- _What the task requires_
Copy out the lines of the records below, and only those lines, from the one with "དེའི་སྤྱི་བོར་ཨོཾ། མགྲིན་པར་ཨཱཿ ཐུགས་" through the one with "དེ་ལ་ཐིམ། ཛཿ ཧཱུཾ་བཾ་ཧོཿ།", exactly as they appear.

- _Recorded data_
■ ■ ■

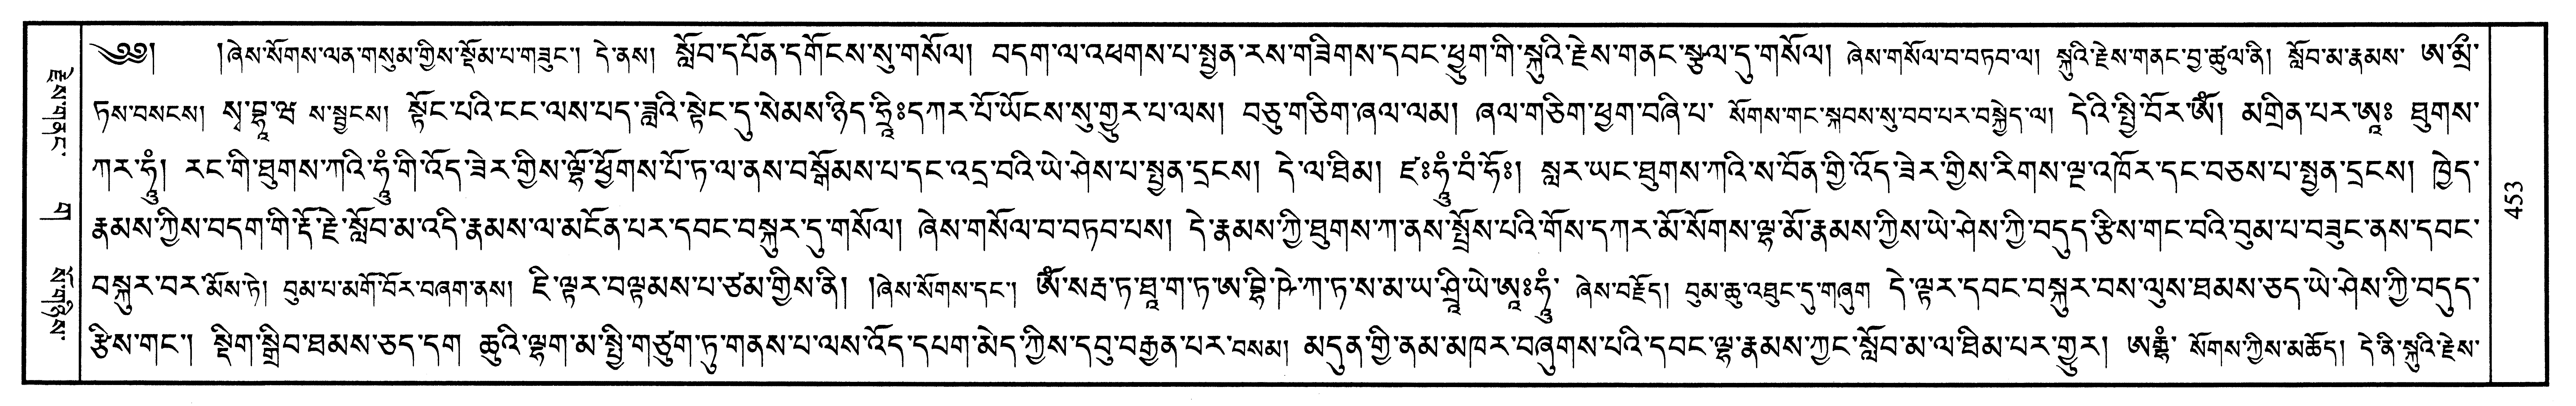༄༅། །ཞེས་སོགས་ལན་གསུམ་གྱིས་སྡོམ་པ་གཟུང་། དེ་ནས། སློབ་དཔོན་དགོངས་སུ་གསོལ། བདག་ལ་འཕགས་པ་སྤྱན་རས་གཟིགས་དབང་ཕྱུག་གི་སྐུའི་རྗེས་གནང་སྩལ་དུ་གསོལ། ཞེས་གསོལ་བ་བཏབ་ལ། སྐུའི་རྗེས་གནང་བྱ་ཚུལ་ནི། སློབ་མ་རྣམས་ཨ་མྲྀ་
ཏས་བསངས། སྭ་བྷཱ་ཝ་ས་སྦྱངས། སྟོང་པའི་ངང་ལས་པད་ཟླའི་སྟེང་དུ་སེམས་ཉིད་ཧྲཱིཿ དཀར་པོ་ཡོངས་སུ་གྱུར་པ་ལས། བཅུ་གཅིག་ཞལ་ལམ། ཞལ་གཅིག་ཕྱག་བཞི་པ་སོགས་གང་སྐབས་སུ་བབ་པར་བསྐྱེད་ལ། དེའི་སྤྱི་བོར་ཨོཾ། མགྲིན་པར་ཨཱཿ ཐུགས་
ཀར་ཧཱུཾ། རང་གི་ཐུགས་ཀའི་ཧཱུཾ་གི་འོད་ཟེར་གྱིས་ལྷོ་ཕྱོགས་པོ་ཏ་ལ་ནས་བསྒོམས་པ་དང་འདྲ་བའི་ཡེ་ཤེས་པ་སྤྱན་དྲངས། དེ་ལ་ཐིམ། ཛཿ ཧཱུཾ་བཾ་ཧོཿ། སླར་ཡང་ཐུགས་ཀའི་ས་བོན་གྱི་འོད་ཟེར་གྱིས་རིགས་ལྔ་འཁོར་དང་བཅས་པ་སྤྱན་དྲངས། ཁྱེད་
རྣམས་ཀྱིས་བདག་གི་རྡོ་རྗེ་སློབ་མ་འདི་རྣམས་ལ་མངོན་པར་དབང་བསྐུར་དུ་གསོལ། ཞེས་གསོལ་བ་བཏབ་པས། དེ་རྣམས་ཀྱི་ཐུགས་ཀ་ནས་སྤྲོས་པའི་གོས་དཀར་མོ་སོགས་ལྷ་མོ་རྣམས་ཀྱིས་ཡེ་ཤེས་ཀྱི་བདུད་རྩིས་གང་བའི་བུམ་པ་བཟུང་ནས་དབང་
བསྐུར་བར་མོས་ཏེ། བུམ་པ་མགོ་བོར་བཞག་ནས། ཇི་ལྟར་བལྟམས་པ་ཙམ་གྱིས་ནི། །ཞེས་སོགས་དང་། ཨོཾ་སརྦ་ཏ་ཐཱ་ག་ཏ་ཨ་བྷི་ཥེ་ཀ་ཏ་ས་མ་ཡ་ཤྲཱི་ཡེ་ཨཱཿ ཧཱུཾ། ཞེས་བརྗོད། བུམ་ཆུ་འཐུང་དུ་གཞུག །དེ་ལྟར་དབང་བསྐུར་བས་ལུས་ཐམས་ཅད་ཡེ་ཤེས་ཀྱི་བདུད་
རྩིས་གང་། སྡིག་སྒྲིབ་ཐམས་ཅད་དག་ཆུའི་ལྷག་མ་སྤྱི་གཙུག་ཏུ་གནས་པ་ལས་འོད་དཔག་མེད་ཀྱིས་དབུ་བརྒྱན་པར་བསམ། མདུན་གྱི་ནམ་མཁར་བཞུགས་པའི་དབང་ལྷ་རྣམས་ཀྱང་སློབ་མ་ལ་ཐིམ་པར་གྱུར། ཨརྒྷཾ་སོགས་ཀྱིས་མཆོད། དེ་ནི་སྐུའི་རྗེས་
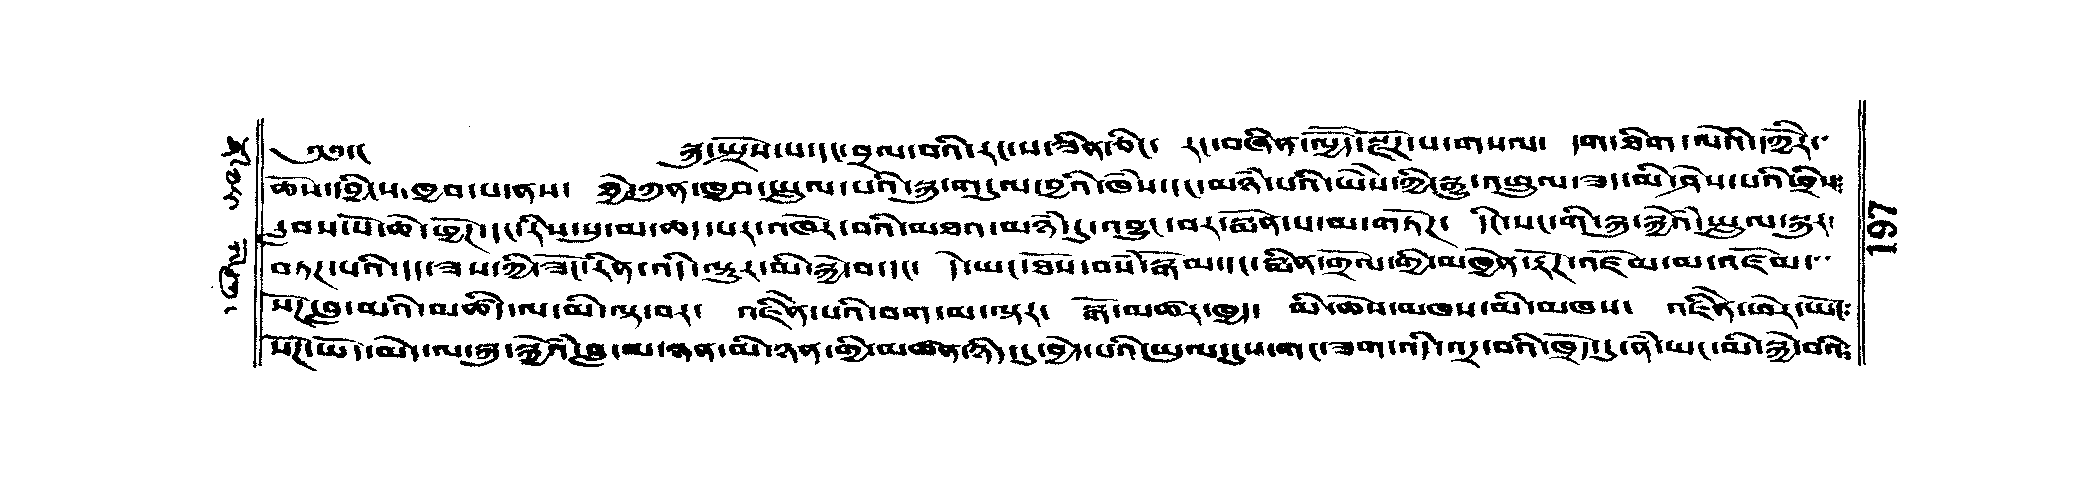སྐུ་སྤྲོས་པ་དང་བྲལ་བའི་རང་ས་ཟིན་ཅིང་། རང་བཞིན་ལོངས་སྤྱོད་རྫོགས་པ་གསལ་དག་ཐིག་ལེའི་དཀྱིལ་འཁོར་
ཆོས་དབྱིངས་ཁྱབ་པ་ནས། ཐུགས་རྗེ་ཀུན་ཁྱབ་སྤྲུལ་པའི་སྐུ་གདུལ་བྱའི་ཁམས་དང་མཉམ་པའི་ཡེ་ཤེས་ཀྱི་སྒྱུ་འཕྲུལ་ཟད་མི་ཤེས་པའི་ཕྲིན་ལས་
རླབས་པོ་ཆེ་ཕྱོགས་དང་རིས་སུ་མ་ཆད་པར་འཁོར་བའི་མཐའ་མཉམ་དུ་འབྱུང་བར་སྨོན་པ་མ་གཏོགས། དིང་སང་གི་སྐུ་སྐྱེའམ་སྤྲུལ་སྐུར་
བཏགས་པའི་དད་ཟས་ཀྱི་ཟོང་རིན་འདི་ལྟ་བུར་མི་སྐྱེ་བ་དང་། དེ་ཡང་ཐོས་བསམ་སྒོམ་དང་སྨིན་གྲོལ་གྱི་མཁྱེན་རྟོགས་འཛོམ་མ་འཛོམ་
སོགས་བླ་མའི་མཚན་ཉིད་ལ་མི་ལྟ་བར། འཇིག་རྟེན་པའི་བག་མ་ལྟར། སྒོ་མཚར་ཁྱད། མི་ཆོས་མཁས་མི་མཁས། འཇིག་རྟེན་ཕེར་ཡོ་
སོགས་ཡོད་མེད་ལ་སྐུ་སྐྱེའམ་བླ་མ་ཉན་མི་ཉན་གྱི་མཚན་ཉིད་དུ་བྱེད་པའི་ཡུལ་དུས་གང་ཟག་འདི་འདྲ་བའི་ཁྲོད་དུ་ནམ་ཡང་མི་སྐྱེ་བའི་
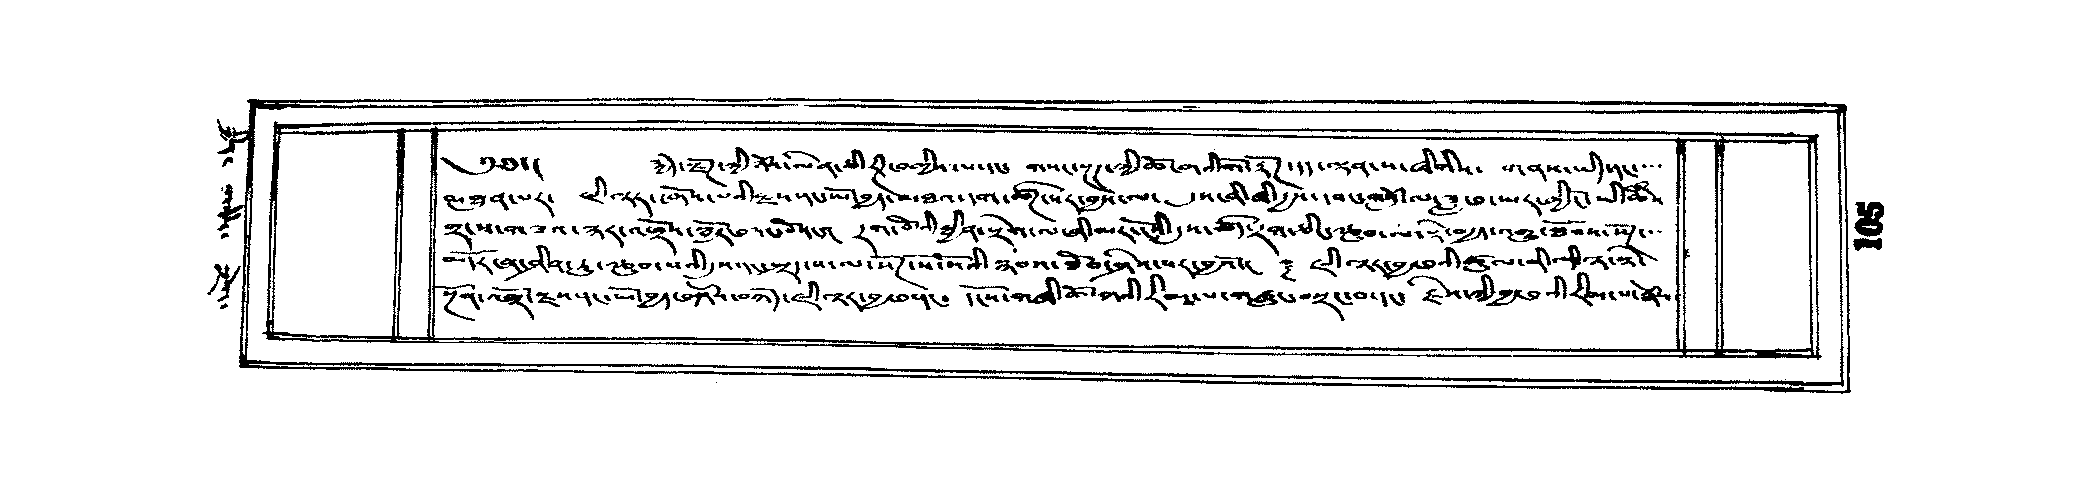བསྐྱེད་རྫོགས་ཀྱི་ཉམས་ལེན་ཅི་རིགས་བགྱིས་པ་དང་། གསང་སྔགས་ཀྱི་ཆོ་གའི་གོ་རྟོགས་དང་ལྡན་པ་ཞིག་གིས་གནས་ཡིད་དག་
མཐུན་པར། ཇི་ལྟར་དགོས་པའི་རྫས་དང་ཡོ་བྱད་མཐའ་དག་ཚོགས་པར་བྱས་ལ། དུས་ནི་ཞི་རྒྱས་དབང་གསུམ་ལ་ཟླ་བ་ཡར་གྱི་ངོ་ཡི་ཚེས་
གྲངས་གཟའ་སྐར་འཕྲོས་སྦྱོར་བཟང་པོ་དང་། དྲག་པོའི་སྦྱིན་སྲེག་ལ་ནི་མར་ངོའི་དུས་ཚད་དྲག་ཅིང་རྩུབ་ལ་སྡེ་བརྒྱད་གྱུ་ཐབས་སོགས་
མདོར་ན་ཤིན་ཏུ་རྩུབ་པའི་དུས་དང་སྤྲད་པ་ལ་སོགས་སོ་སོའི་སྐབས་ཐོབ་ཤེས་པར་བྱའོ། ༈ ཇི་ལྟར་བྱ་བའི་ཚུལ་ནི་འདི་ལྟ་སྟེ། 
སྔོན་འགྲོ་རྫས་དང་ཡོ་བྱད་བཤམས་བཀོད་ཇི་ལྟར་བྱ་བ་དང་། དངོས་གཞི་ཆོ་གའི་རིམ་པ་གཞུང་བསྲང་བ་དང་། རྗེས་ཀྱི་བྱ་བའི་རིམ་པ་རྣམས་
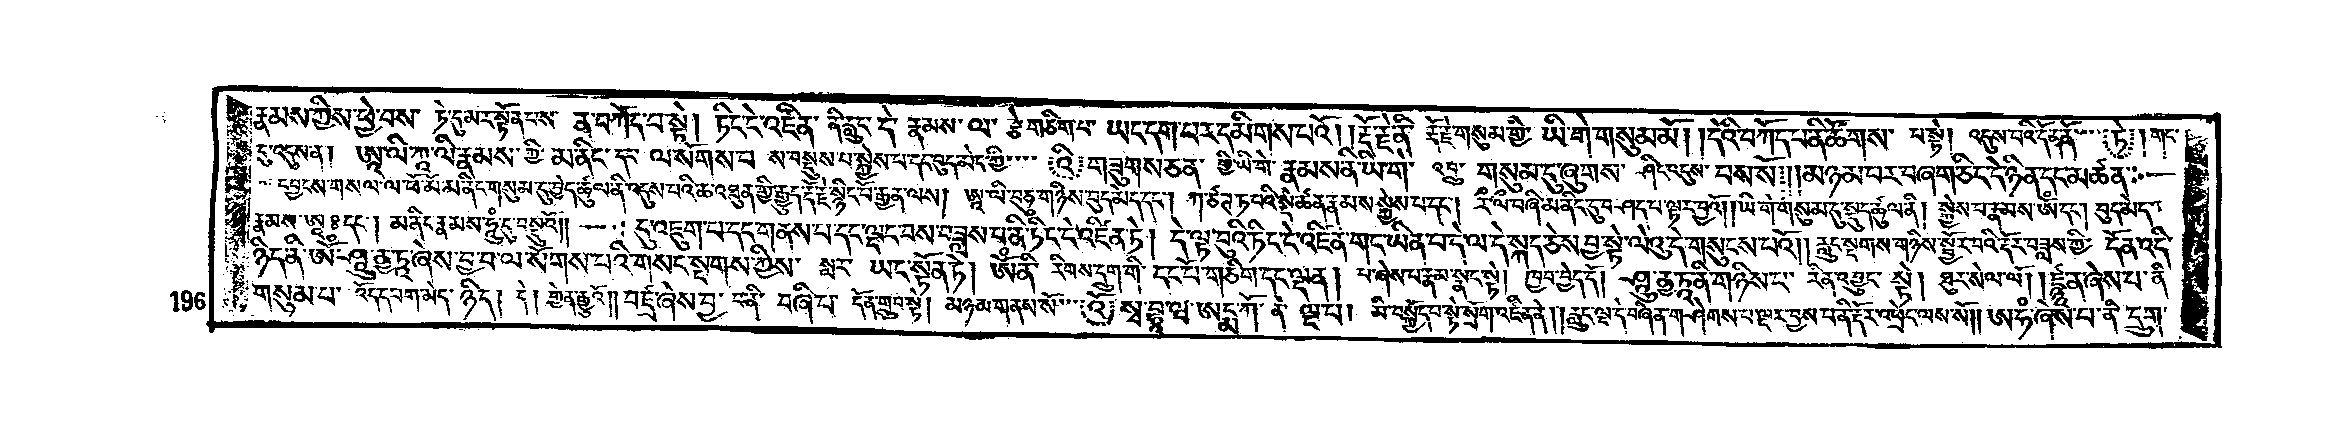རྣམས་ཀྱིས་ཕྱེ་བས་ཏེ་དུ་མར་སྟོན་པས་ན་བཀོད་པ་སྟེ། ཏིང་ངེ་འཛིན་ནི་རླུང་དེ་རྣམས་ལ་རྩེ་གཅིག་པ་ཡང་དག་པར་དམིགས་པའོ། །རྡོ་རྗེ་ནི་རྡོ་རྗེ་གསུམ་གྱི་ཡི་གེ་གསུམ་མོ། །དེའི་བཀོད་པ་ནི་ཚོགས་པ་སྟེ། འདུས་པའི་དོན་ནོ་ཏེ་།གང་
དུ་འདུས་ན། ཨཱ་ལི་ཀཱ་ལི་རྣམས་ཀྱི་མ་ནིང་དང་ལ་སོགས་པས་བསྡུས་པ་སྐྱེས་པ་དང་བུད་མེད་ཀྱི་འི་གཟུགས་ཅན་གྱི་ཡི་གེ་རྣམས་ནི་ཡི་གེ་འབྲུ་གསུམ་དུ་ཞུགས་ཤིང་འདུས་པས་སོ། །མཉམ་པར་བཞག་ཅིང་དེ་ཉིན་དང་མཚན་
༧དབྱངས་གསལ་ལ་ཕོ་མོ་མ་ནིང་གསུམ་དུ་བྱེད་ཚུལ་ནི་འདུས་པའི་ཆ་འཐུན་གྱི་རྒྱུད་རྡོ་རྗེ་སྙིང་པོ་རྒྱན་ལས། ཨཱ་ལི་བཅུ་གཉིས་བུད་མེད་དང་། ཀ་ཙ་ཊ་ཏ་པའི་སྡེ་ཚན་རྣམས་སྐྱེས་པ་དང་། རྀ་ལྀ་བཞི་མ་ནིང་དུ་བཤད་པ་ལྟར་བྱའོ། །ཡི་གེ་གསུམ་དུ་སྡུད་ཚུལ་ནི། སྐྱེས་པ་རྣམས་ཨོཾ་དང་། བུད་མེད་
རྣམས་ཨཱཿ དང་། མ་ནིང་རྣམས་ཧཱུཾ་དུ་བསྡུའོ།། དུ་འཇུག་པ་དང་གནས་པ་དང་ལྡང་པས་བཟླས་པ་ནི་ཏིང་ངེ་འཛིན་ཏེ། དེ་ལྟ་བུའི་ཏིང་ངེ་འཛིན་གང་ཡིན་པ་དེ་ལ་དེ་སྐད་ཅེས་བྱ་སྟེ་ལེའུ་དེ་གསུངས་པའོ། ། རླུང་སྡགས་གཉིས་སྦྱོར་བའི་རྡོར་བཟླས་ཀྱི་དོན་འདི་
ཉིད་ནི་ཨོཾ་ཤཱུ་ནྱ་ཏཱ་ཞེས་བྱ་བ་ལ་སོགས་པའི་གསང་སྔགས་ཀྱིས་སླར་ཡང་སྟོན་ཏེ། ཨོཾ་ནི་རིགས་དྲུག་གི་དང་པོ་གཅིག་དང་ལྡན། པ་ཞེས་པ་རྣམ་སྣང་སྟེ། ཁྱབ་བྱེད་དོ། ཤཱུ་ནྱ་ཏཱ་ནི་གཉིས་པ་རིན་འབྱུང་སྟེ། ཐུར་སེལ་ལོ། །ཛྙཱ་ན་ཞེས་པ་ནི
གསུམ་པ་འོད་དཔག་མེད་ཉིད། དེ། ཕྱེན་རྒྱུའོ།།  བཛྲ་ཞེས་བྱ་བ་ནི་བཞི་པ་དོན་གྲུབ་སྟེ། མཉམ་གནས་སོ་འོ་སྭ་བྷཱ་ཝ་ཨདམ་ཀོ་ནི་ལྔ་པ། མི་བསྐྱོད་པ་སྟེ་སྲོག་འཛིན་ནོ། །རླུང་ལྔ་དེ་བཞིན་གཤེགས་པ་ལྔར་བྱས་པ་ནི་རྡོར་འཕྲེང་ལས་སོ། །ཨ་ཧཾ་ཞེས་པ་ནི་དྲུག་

■ ■ ■

- _Output for this task_
ཏས་བསངས། སྭ་བྷཱ་ཝ་ས་སྦྱངས། སྟོང་པའི་ངང་ལས་པད་ཟླའི་སྟེང་དུ་སེམས་ཉིད་ཧྲཱིཿ དཀར་པོ་ཡོངས་སུ་གྱུར་པ་ལས། བཅུ་གཅིག་ཞལ་ལམ། ཞལ་གཅིག་ཕྱག་བཞི་པ་སོགས་གང་སྐབས་སུ་བབ་པར་བསྐྱེད་ལ། དེའི་སྤྱི་བོར་ཨོཾ། མགྲིན་པར་ཨཱཿ ཐུགས་
ཀར་ཧཱུཾ། རང་གི་ཐུགས་ཀའི་ཧཱུཾ་གི་འོད་ཟེར་གྱིས་ལྷོ་ཕྱོགས་པོ་ཏ་ལ་ནས་བསྒོམས་པ་དང་འདྲ་བའི་ཡེ་ཤེས་པ་སྤྱན་དྲངས། དེ་ལ་ཐིམ། ཛཿ ཧཱུཾ་བཾ་ཧོཿ། སླར་ཡང་ཐུགས་ཀའི་ས་བོན་གྱི་འོད་ཟེར་གྱིས་རིགས་ལྔ་འཁོར་དང་བཅས་པ་སྤྱན་དྲངས། ཁྱེད་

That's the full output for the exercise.